*** Recorded information ***
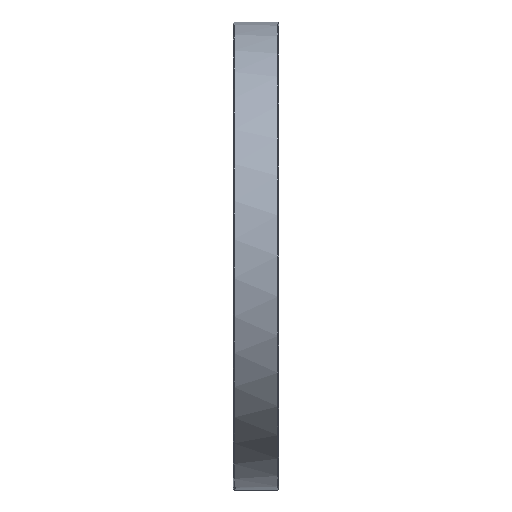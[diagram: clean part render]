
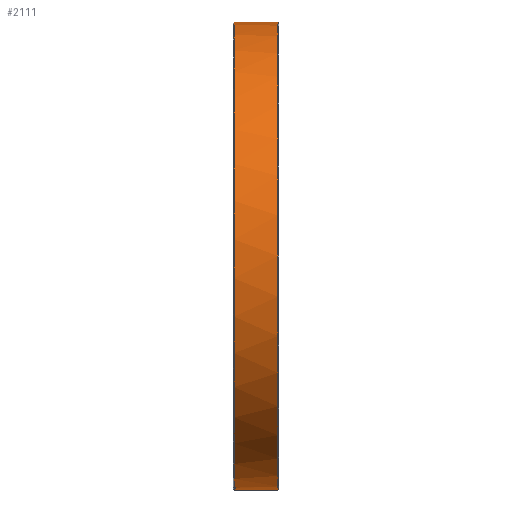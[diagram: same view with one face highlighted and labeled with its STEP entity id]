
A CAD part, left-side view. The second image highlights one B-rep face of the part: STEP entity #2111.
In plain terms, the highlighted cylindrical face has radius 126.6 mm (diameter 253.2 mm), a partial arc.
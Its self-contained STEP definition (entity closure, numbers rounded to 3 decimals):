
#31 = DIRECTION ( 'NONE',  ( 0., -1., 0. ) ) ;
#68 = DIRECTION ( 'NONE',  ( 0., 1., 0. ) ) ;
#178 = CARTESIAN_POINT ( 'NONE',  ( 0., 24.2, 126.6 ) ) ;
#210 = AXIS2_PLACEMENT_3D ( 'NONE', #1762, #4766, #2180 ) ;
#272 = EDGE_CURVE ( 'NONE', #3177, #506, #5376, .T. ) ;
#412 = VERTEX_POINT ( 'NONE', #2708 ) ;
#444 = DIRECTION ( 'NONE',  ( 0., 0., -1. ) ) ;
#466 = CARTESIAN_POINT ( 'NONE',  ( 0., -15.022, 126.6 ) ) ;
#485 = AXIS2_PLACEMENT_3D ( 'NONE', #5133, #4263, #444 ) ;
#506 = VERTEX_POINT ( 'NONE', #4930 ) ;
#535 = DIRECTION ( 'NONE',  ( 0., 1., 0. ) ) ;
#604 = VERTEX_POINT ( 'NONE', #5413 ) ;
#743 = LINE ( 'NONE', #1052, #4471 ) ;
#754 = FACE_OUTER_BOUND ( 'NONE', #4613, .T. ) ;
#878 = CARTESIAN_POINT ( 'NONE',  ( -15.036, -15.022, -125.704 ) ) ;
#959 = LINE ( 'NONE', #878, #5233 ) ;
#991 = ORIENTED_EDGE ( 'NONE', *, *, #272, .F. ) ;
#1052 = CARTESIAN_POINT ( 'NONE',  ( -18.011, -15.022, -125.312 ) ) ;
#1097 = LINE ( 'NONE', #4508, #3618 ) ;
#1103 = AXIS2_PLACEMENT_3D ( 'NONE', #3051, #535, #3498 ) ;
#1107 = CARTESIAN_POINT ( 'NONE',  ( 0., 24.2, 0. ) ) ;
#1181 = EDGE_CURVE ( 'NONE', #5130, #4802, #3627, .T. ) ;
#1277 = ORIENTED_EDGE ( 'NONE', *, *, #4119, .T. ) ;
#1512 = DIRECTION ( 'NONE',  ( 0., 0., -1. ) ) ;
#1699 = ORIENTED_EDGE ( 'NONE', *, *, #4458, .F. ) ;
#1762 = CARTESIAN_POINT ( 'NONE',  ( 0., 0.4, 0. ) ) ;
#1777 = AXIS2_PLACEMENT_3D ( 'NONE', #3848, #31, #2588 ) ;
#1798 = EDGE_CURVE ( 'NONE', #412, #5320, #1097, .T. ) ;
#1841 = EDGE_CURVE ( 'NONE', #604, #412, #1922, .T. ) ;
#1864 = EDGE_CURVE ( 'NONE', #3177, #604, #959, .T. ) ;
#1922 = CIRCLE ( 'NONE', #1777, 126.6 ) ;
#2025 = ORIENTED_EDGE ( 'NONE', *, *, #1841, .T. ) ;
#2111 = ADVANCED_FACE ( 'NONE', ( #754 ), #4891, .T. ) ;
#2145 = CARTESIAN_POINT ( 'NONE',  ( -15.036, 23.3, -125.704 ) ) ;
#2180 = DIRECTION ( 'NONE',  ( 0., 0., 1. ) ) ;
#2386 = CIRCLE ( 'NONE', #210, 126.6 ) ;
#2388 = LINE ( 'NONE', #466, #3544 ) ;
#2588 = DIRECTION ( 'NONE',  ( 0., 0., -1. ) ) ;
#2708 = CARTESIAN_POINT ( 'NONE',  ( 0., 24.2, -126.6 ) ) ;
#2900 = ORIENTED_EDGE ( 'NONE', *, *, #1798, .T. ) ;
#2976 = DIRECTION ( 'NONE',  ( 0., -1., 0. ) ) ;
#3051 = CARTESIAN_POINT ( 'NONE',  ( 0., 23.3, 0. ) ) ;
#3177 = VERTEX_POINT ( 'NONE', #2145 ) ;
#3498 = DIRECTION ( 'NONE',  ( 0., 0., 1. ) ) ;
#3544 = VECTOR ( 'NONE', #2976, 1000. ) ;
#3596 = DIRECTION ( 'NONE',  ( 0., -1., 0. ) ) ;
#3618 = VECTOR ( 'NONE', #3976, 1000. ) ;
#3627 = CIRCLE ( 'NONE', #3922, 126.6 ) ;
#3848 = CARTESIAN_POINT ( 'NONE',  ( 0., 24.2, 0. ) ) ;
#3871 = ORIENTED_EDGE ( 'NONE', *, *, #3982, .T. ) ;
#3922 = AXIS2_PLACEMENT_3D ( 'NONE', #1107, #4069, #1512 ) ;
#3976 = DIRECTION ( 'NONE',  ( 0., -1., 0. ) ) ;
#3982 = EDGE_CURVE ( 'NONE', #5320, #4317, #2386, .T. ) ;
#4069 = DIRECTION ( 'NONE',  ( 0., -1., 0. ) ) ;
#4119 = EDGE_CURVE ( 'NONE', #4802, #506, #743, .T. ) ;
#4179 = ORIENTED_EDGE ( 'NONE', *, *, #1864, .T. ) ;
#4186 = CARTESIAN_POINT ( 'NONE',  ( 0., 0.4, -126.6 ) ) ;
#4230 = ORIENTED_EDGE ( 'NONE', *, *, #1181, .T. ) ;
#4263 = DIRECTION ( 'NONE',  ( 0., -1., 0. ) ) ;
#4317 = VERTEX_POINT ( 'NONE', #5446 ) ;
#4458 = EDGE_CURVE ( 'NONE', #5130, #4317, #2388, .T. ) ;
#4471 = VECTOR ( 'NONE', #3596, 1000. ) ;
#4508 = CARTESIAN_POINT ( 'NONE',  ( 0., -15.022, -126.6 ) ) ;
#4532 = CARTESIAN_POINT ( 'NONE',  ( -18.011, 24.2, -125.312 ) ) ;
#4613 = EDGE_LOOP ( 'NONE', ( #1699, #4230, #1277, #991, #4179, #2025, #2900, #3871 ) ) ;
#4766 = DIRECTION ( 'NONE',  ( 0., 1., 0. ) ) ;
#4802 = VERTEX_POINT ( 'NONE', #4532 ) ;
#4891 = CYLINDRICAL_SURFACE ( 'NONE', #485, 126.6 ) ;
#4930 = CARTESIAN_POINT ( 'NONE',  ( -18.011, 23.3, -125.312 ) ) ;
#5130 = VERTEX_POINT ( 'NONE', #178 ) ;
#5133 = CARTESIAN_POINT ( 'NONE',  ( 0., -15.022, 0. ) ) ;
#5233 = VECTOR ( 'NONE', #68, 1000. ) ;
#5320 = VERTEX_POINT ( 'NONE', #4186 ) ;
#5376 = CIRCLE ( 'NONE', #1103, 126.6 ) ;
#5413 = CARTESIAN_POINT ( 'NONE',  ( -15.036, 24.2, -125.704 ) ) ;
#5446 = CARTESIAN_POINT ( 'NONE',  ( 0., 0.4, 126.6 ) ) ;
*** End of Recorded information ***
## Activity
Please copy every record above exactly, but leave the pictures out.

## Exercise output
[diagram: clean part render]
[diagram: same view with one face highlighted and labeled with its STEP entity id]
A CAD part, left-side view. The second image highlights one B-rep face of the part: STEP entity #2111.
In plain terms, the highlighted cylindrical face has radius 126.6 mm (diameter 253.2 mm), a partial arc.
Its self-contained STEP definition (entity closure, numbers rounded to 3 decimals):
#31 = DIRECTION ( 'NONE',  ( 0., -1., 0. ) ) ;
#68 = DIRECTION ( 'NONE',  ( 0., 1., 0. ) ) ;
#178 = CARTESIAN_POINT ( 'NONE',  ( 0., 24.2, 126.6 ) ) ;
#210 = AXIS2_PLACEMENT_3D ( 'NONE', #1762, #4766, #2180 ) ;
#272 = EDGE_CURVE ( 'NONE', #3177, #506, #5376, .T. ) ;
#412 = VERTEX_POINT ( 'NONE', #2708 ) ;
#444 = DIRECTION ( 'NONE',  ( 0., 0., -1. ) ) ;
#466 = CARTESIAN_POINT ( 'NONE',  ( 0., -15.022, 126.6 ) ) ;
#485 = AXIS2_PLACEMENT_3D ( 'NONE', #5133, #4263, #444 ) ;
#506 = VERTEX_POINT ( 'NONE', #4930 ) ;
#535 = DIRECTION ( 'NONE',  ( 0., 1., 0. ) ) ;
#604 = VERTEX_POINT ( 'NONE', #5413 ) ;
#743 = LINE ( 'NONE', #1052, #4471 ) ;
#754 = FACE_OUTER_BOUND ( 'NONE', #4613, .T. ) ;
#878 = CARTESIAN_POINT ( 'NONE',  ( -15.036, -15.022, -125.704 ) ) ;
#959 = LINE ( 'NONE', #878, #5233 ) ;
#991 = ORIENTED_EDGE ( 'NONE', *, *, #272, .F. ) ;
#1052 = CARTESIAN_POINT ( 'NONE',  ( -18.011, -15.022, -125.312 ) ) ;
#1097 = LINE ( 'NONE', #4508, #3618 ) ;
#1103 = AXIS2_PLACEMENT_3D ( 'NONE', #3051, #535, #3498 ) ;
#1107 = CARTESIAN_POINT ( 'NONE',  ( 0., 24.2, 0. ) ) ;
#1181 = EDGE_CURVE ( 'NONE', #5130, #4802, #3627, .T. ) ;
#1277 = ORIENTED_EDGE ( 'NONE', *, *, #4119, .T. ) ;
#1512 = DIRECTION ( 'NONE',  ( 0., 0., -1. ) ) ;
#1699 = ORIENTED_EDGE ( 'NONE', *, *, #4458, .F. ) ;
#1762 = CARTESIAN_POINT ( 'NONE',  ( 0., 0.4, 0. ) ) ;
#1777 = AXIS2_PLACEMENT_3D ( 'NONE', #3848, #31, #2588 ) ;
#1798 = EDGE_CURVE ( 'NONE', #412, #5320, #1097, .T. ) ;
#1841 = EDGE_CURVE ( 'NONE', #604, #412, #1922, .T. ) ;
#1864 = EDGE_CURVE ( 'NONE', #3177, #604, #959, .T. ) ;
#1922 = CIRCLE ( 'NONE', #1777, 126.6 ) ;
#2025 = ORIENTED_EDGE ( 'NONE', *, *, #1841, .T. ) ;
#2111 = ADVANCED_FACE ( 'NONE', ( #754 ), #4891, .T. ) ;
#2145 = CARTESIAN_POINT ( 'NONE',  ( -15.036, 23.3, -125.704 ) ) ;
#2180 = DIRECTION ( 'NONE',  ( 0., 0., 1. ) ) ;
#2386 = CIRCLE ( 'NONE', #210, 126.6 ) ;
#2388 = LINE ( 'NONE', #466, #3544 ) ;
#2588 = DIRECTION ( 'NONE',  ( 0., 0., -1. ) ) ;
#2708 = CARTESIAN_POINT ( 'NONE',  ( 0., 24.2, -126.6 ) ) ;
#2900 = ORIENTED_EDGE ( 'NONE', *, *, #1798, .T. ) ;
#2976 = DIRECTION ( 'NONE',  ( 0., -1., 0. ) ) ;
#3051 = CARTESIAN_POINT ( 'NONE',  ( 0., 23.3, 0. ) ) ;
#3177 = VERTEX_POINT ( 'NONE', #2145 ) ;
#3498 = DIRECTION ( 'NONE',  ( 0., 0., 1. ) ) ;
#3544 = VECTOR ( 'NONE', #2976, 1000. ) ;
#3596 = DIRECTION ( 'NONE',  ( 0., -1., 0. ) ) ;
#3618 = VECTOR ( 'NONE', #3976, 1000. ) ;
#3627 = CIRCLE ( 'NONE', #3922, 126.6 ) ;
#3848 = CARTESIAN_POINT ( 'NONE',  ( 0., 24.2, 0. ) ) ;
#3871 = ORIENTED_EDGE ( 'NONE', *, *, #3982, .T. ) ;
#3922 = AXIS2_PLACEMENT_3D ( 'NONE', #1107, #4069, #1512 ) ;
#3976 = DIRECTION ( 'NONE',  ( 0., -1., 0. ) ) ;
#3982 = EDGE_CURVE ( 'NONE', #5320, #4317, #2386, .T. ) ;
#4069 = DIRECTION ( 'NONE',  ( 0., -1., 0. ) ) ;
#4119 = EDGE_CURVE ( 'NONE', #4802, #506, #743, .T. ) ;
#4179 = ORIENTED_EDGE ( 'NONE', *, *, #1864, .T. ) ;
#4186 = CARTESIAN_POINT ( 'NONE',  ( 0., 0.4, -126.6 ) ) ;
#4230 = ORIENTED_EDGE ( 'NONE', *, *, #1181, .T. ) ;
#4263 = DIRECTION ( 'NONE',  ( 0., -1., 0. ) ) ;
#4317 = VERTEX_POINT ( 'NONE', #5446 ) ;
#4458 = EDGE_CURVE ( 'NONE', #5130, #4317, #2388, .T. ) ;
#4471 = VECTOR ( 'NONE', #3596, 1000. ) ;
#4508 = CARTESIAN_POINT ( 'NONE',  ( 0., -15.022, -126.6 ) ) ;
#4532 = CARTESIAN_POINT ( 'NONE',  ( -18.011, 24.2, -125.312 ) ) ;
#4613 = EDGE_LOOP ( 'NONE', ( #1699, #4230, #1277, #991, #4179, #2025, #2900, #3871 ) ) ;
#4766 = DIRECTION ( 'NONE',  ( 0., 1., 0. ) ) ;
#4802 = VERTEX_POINT ( 'NONE', #4532 ) ;
#4891 = CYLINDRICAL_SURFACE ( 'NONE', #485, 126.6 ) ;
#4930 = CARTESIAN_POINT ( 'NONE',  ( -18.011, 23.3, -125.312 ) ) ;
#5130 = VERTEX_POINT ( 'NONE', #178 ) ;
#5133 = CARTESIAN_POINT ( 'NONE',  ( 0., -15.022, 0. ) ) ;
#5233 = VECTOR ( 'NONE', #68, 1000. ) ;
#5320 = VERTEX_POINT ( 'NONE', #4186 ) ;
#5376 = CIRCLE ( 'NONE', #1103, 126.6 ) ;
#5413 = CARTESIAN_POINT ( 'NONE',  ( -15.036, 24.2, -125.704 ) ) ;
#5446 = CARTESIAN_POINT ( 'NONE',  ( 0., 0.4, 126.6 ) ) ;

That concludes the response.